● SUPPLIED MATERIAL

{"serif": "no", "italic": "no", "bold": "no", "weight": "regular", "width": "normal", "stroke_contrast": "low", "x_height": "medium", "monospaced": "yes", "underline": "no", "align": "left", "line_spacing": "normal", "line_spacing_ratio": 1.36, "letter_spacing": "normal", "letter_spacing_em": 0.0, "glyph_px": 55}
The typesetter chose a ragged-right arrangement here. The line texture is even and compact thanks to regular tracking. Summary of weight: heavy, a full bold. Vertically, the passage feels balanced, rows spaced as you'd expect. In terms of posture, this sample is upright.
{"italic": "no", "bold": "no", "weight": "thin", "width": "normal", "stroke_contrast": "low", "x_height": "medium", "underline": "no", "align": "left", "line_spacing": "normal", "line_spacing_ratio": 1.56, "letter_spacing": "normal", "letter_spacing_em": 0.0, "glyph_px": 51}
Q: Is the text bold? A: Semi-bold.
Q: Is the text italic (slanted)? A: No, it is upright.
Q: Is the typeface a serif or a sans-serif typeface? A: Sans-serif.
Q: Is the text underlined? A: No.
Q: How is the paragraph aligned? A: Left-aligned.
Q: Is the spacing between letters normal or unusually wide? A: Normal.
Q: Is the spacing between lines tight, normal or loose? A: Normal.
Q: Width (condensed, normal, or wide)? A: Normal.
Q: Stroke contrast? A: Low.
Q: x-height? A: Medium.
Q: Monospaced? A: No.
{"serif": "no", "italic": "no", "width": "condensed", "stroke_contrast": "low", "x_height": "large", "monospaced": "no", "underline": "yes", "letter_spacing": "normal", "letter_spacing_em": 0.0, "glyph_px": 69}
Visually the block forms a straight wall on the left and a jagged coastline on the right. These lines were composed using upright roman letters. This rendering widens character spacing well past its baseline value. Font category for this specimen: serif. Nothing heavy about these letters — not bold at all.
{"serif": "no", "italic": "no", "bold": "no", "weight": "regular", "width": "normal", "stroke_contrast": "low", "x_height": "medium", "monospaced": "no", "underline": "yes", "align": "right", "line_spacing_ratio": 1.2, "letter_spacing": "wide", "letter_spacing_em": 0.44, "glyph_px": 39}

● EXERCISE BRIEF
Using the listing above, state the count of lines that include "between" and nothing else.

● ANSWER TO THE PROBLEM
2